The algorithm for recording damaged areas looks like this:

• Add the rect to the damaged rect manager:
• For each existing damaged rect:
• Remove the intersection from the incoming rect.
• Add the remaining areas of the damaged rect to the damaged rect array.

The algorithm for determining the layer responsible for redrawing a rect looks like this:

• For each rect in the damaged rect manager:
• For each layer in the layer hierarchy:
• Add the layer/rect intersection tuple to an array.
• Remove the intersection from the damaged rect manager.

There are obvious issues in both of these algorithms. In the first we have to compare every new damaged rect with every existing damaged rect. In the second we have to compare every damaged rect with every layer, which gives us a worst-case complexity of O(n^2).

My solution to both problems was to create a simple quad tree. I’d tried a complex quad tree before but it failed miserably. This time I:

• Stored only rectangles, not rectangles and the layers that they represented;
• Created the entire fixed-depth quad tree immediately, rather than trying dynamically to split and join nodes;
• Reset and re-used quad tree instances instead of creating new trees each time I needed one;
• Treated the quad tree as an immutable structure once it had been built by eliminating methods that would remove rectangles.

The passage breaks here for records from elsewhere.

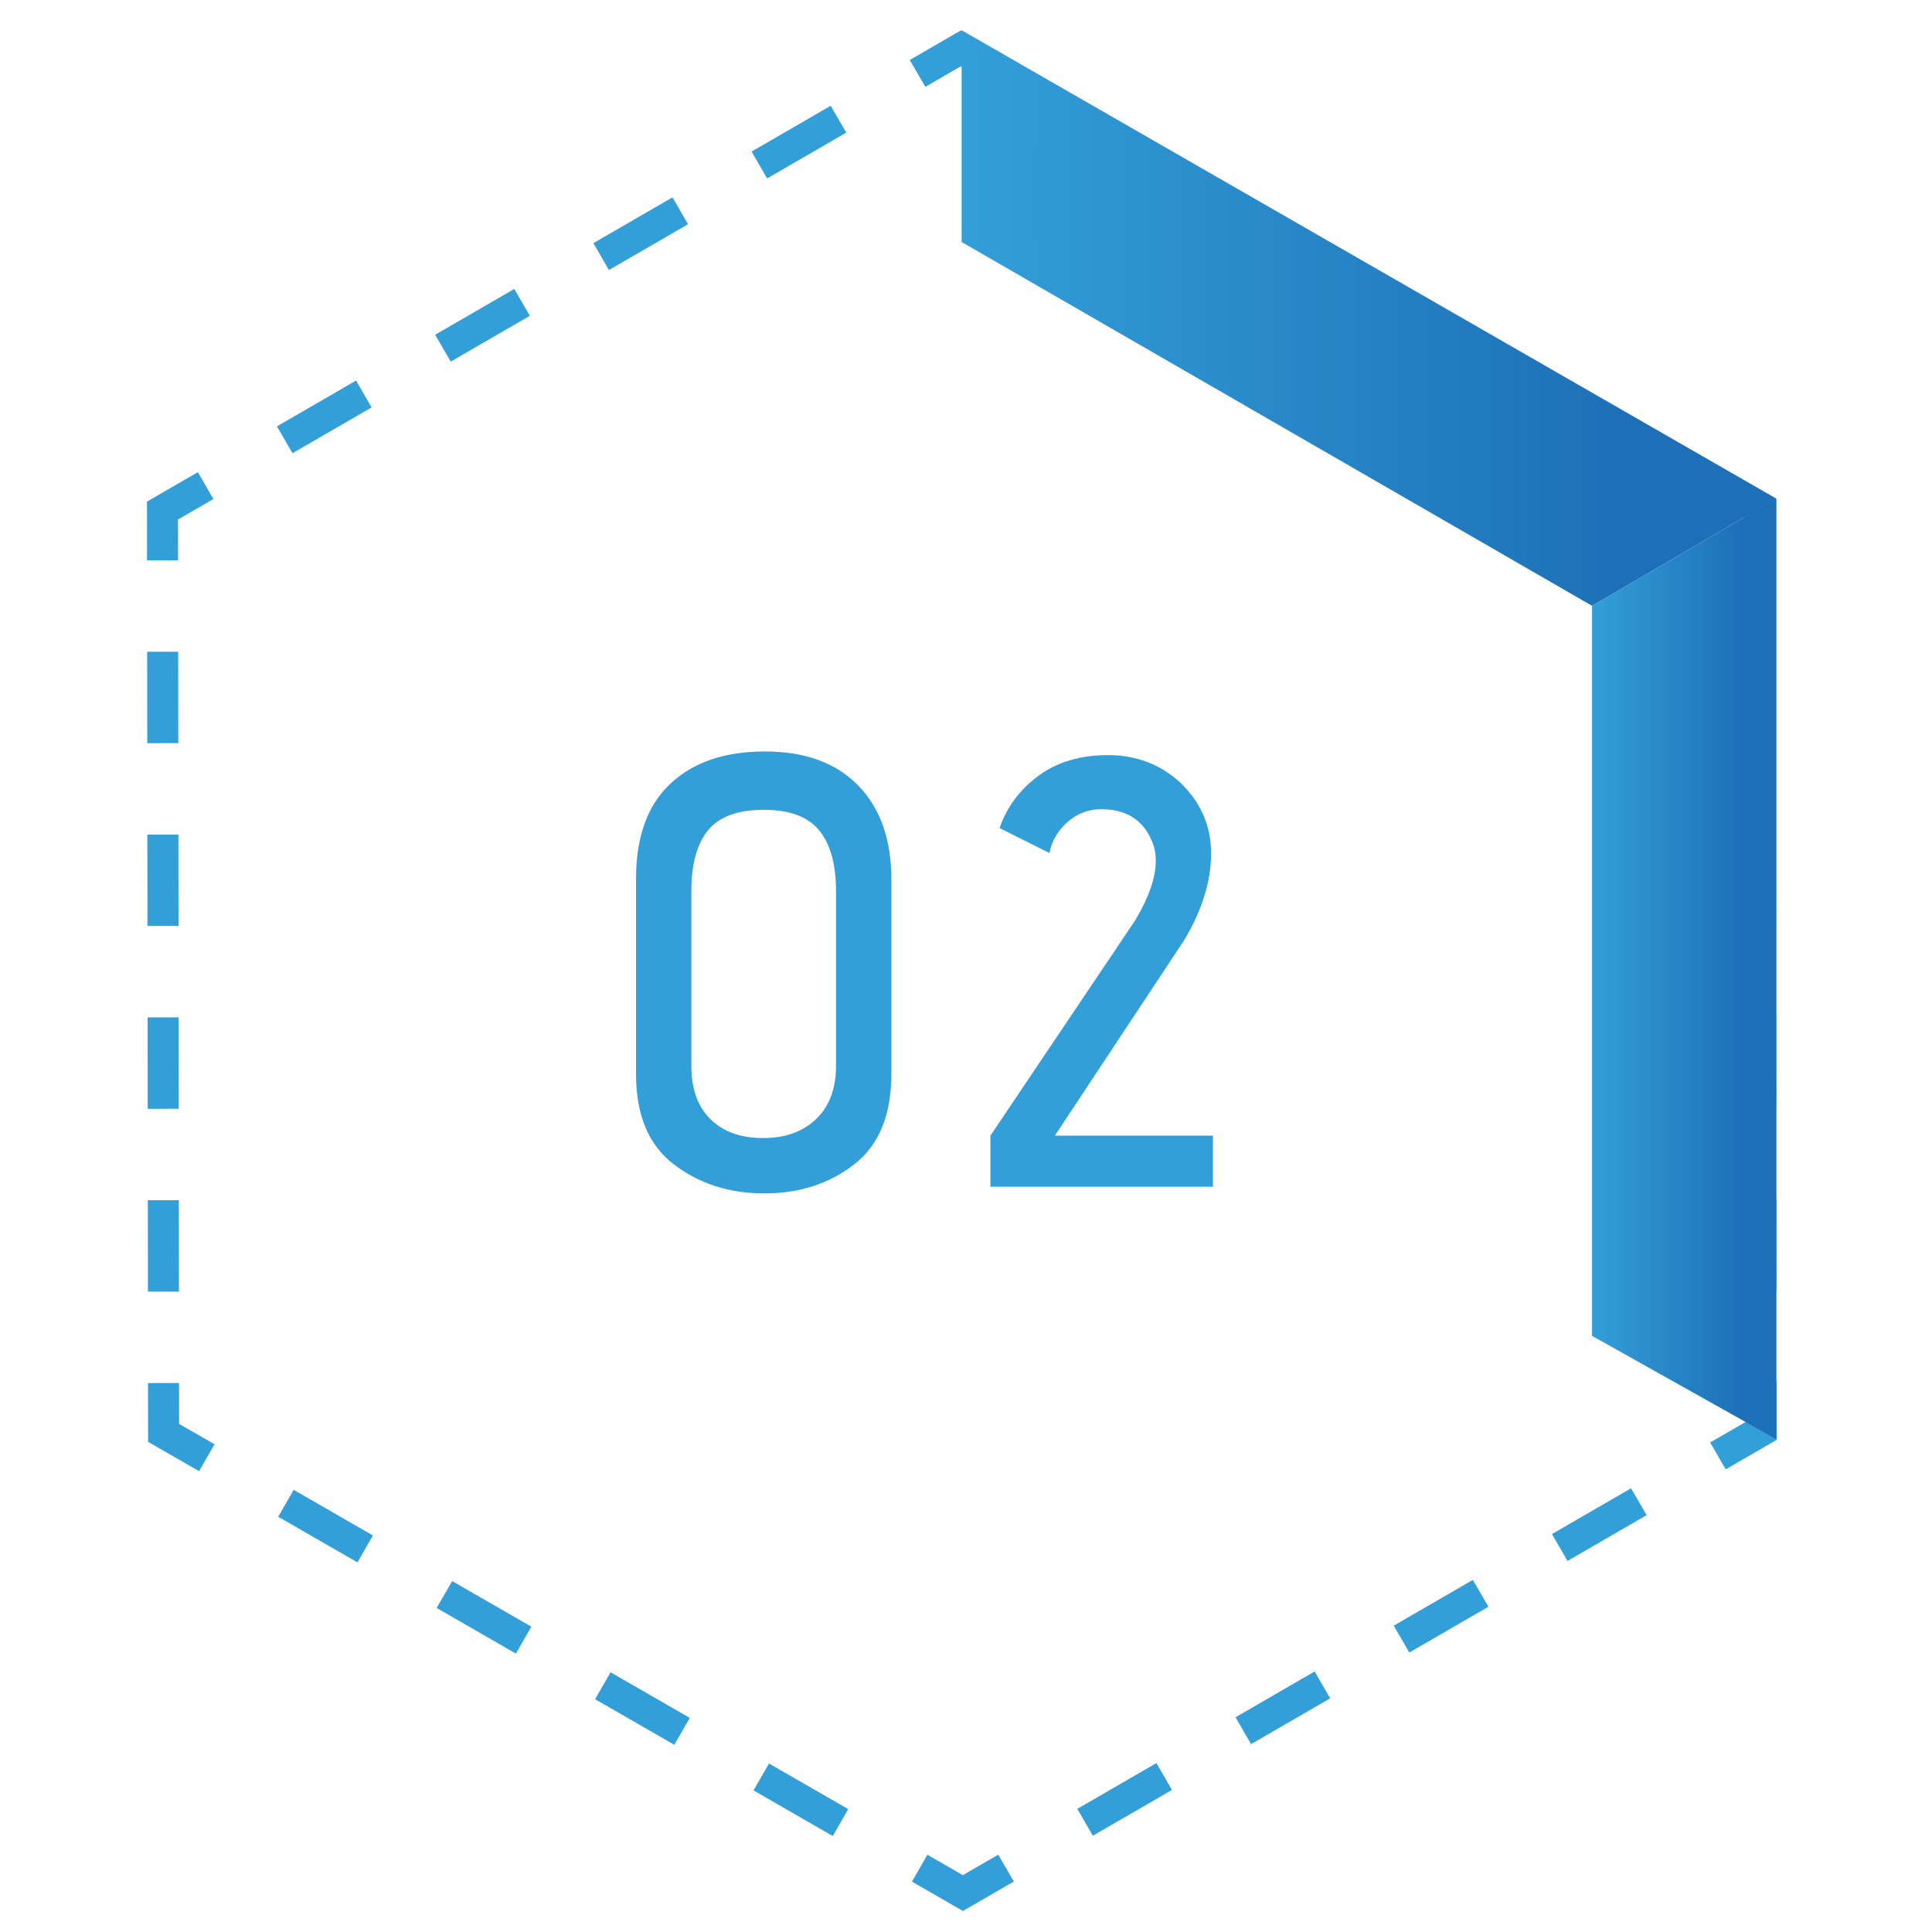 <?xml version="1.0" encoding="utf-8"?>
<!-- Generator: Adobe Illustrator 21.1.0, SVG Export Plug-In . SVG Version: 6.00 Build 0)  -->
<svg version="1.1" id="Calque_1" xmlns="http://www.w3.org/2000/svg" xmlns:xlink="http://www.w3.org/1999/xlink" x="0px" y="0px"
	 viewBox="0 0 118 118" style="enable-background:new 0 0 118 118;" xml:space="preserve">
<style type="text/css">
	.st0{fill:#339FD9;}
	.st1{fill:none;stroke:#339FD9;stroke-width:1.895;stroke-miterlimit:10;}
	.st2{fill:none;stroke:#339FD9;stroke-width:1.895;stroke-miterlimit:10;stroke-dasharray:5.583,5.583;}
	.st3{fill:url(#SVGID_1_);}
	.st4{fill:url(#SVGID_2_);}
</style>
<g>
	<g>
		<g>
			<path class="st0" d="M54.441,53.694v11.918c0,2.5-0.762,4.338-2.284,5.513c-1.521,1.176-3.348,1.764-5.476,1.764
				c-2.129,0-3.967-0.588-5.514-1.764c-1.547-1.175-2.32-3.013-2.32-5.513V53.657c0-2.549,0.699-4.479,2.098-5.792
				c1.398-1.312,3.323-1.968,5.773-1.968s4.35,0.693,5.699,2.079C53.766,49.363,54.441,51.268,54.441,53.694z M51.062,65.091V54.436
				c0-1.633-0.341-2.87-1.021-3.712s-1.813-1.263-3.396-1.263s-2.717,0.415-3.397,1.244s-1.021,2.061-1.021,3.693v10.729
				c0,1.387,0.39,2.464,1.169,3.23c0.78,0.768,1.851,1.151,3.212,1.151c1.36,0,2.443-0.391,3.248-1.17S51.062,66.478,51.062,65.091z
				"/>
			<path class="st0" d="M74.081,72.48H60.492v-3.118l8.837-13.144c0.841-1.41,1.262-2.623,1.262-3.639
				c0-0.47-0.087-0.891-0.26-1.262c-0.545-1.263-1.572-1.894-3.081-1.894c-0.768,0-1.448,0.26-2.042,0.779
				c-0.595,0.521-0.966,1.151-1.114,1.894l-3.044-1.521c0.445-1.287,1.237-2.352,2.376-3.193c1.138-0.841,2.555-1.263,4.251-1.263
				c1.694,0,3.149,0.545,4.362,1.634c1.286,1.213,1.931,2.667,1.931,4.362c0,1.696-0.545,3.459-1.634,5.291l-7.908,11.955h9.653
				V72.48z"/>
		</g>
	</g>
	<g>
		<g>
			<polyline class="st1" points="56.041,4.484 58.675,2.959 61.313,4.477 			"/>
			<line class="st2" x1="66.151" y1="7.263" x2="102.436" y2="28.154"/>
			<polyline class="st1" points="104.855,29.547 107.493,31.066 107.496,34.109 			"/>
			<line class="st2" x1="107.503" y1="39.692" x2="107.553" y2="81.562"/>
			<polyline class="st1" points="107.557,84.353 107.56,87.397 104.926,88.922 			"/>
			<line class="st2" x1="100.095" y1="91.719" x2="63.859" y2="112.697"/>
			<polyline class="st1" points="61.444,114.096 58.81,115.621 56.172,114.102 			"/>
			<line class="st2" x1="51.334" y1="111.316" x2="15.049" y2="90.425"/>
			<polyline class="st1" points="12.63,89.032 9.992,87.514 9.988,84.47 			"/>
			<line class="st2" x1="9.982" y1="78.887" x2="9.932" y2="37.017"/>
			<polyline class="st1" points="9.928,34.226 9.925,31.182 12.559,29.658 			"/>
			<line class="st2" x1="17.39" y1="26.86" x2="53.625" y2="5.882"/>
		</g>
	</g>
	<linearGradient id="SVGID_1_" gradientUnits="userSpaceOnUse" x1="58.733" y1="19.423" x2="108.496" y2="19.423">
		<stop  offset="2.138283e-07" style="stop-color:#339FD9"/>
		<stop  offset="0.804" style="stop-color:#1D70B7"/>
	</linearGradient>
	<polygon class="st3" points="58.733,1.846 58.733,14.781 97.235,37 108.496,30.456 	"/>
	<linearGradient id="SVGID_2_" gradientUnits="userSpaceOnUse" x1="97.235" y1="59.18" x2="108.496" y2="59.18">
		<stop  offset="2.138283e-07" style="stop-color:#339FD9"/>
		<stop  offset="0.804" style="stop-color:#1D70B7"/>
	</linearGradient>
	<polygon class="st4" points="97.235,37 97.235,81.589 108.496,87.904 108.496,30.456 	"/>
</g>
</svg>

The time complexity of the two algorithms above is now the worst-case rather than every case. This change, coupled with some other minor optimizations, produced some great results.

I put together a test app that has 80 overlapping Hanky Alien bitmaps moving around the screen with a few nested text boxes. Numbers from my Mac suggest that the test app is around 40% faster now.

Some more numbers:

• Ignoring time spent in SDL and during vertical blanks, the test takes up less than half a second of CPU time for every 10 seconds of runtime on my Mac.
• Rendering time for every 10 seconds of runtime is about 30ms on my Mac.
• The PSP can handle moving 68 aliens at a solid 60fps.
• The DS can handle moving 13 aliens at a solid 60fps.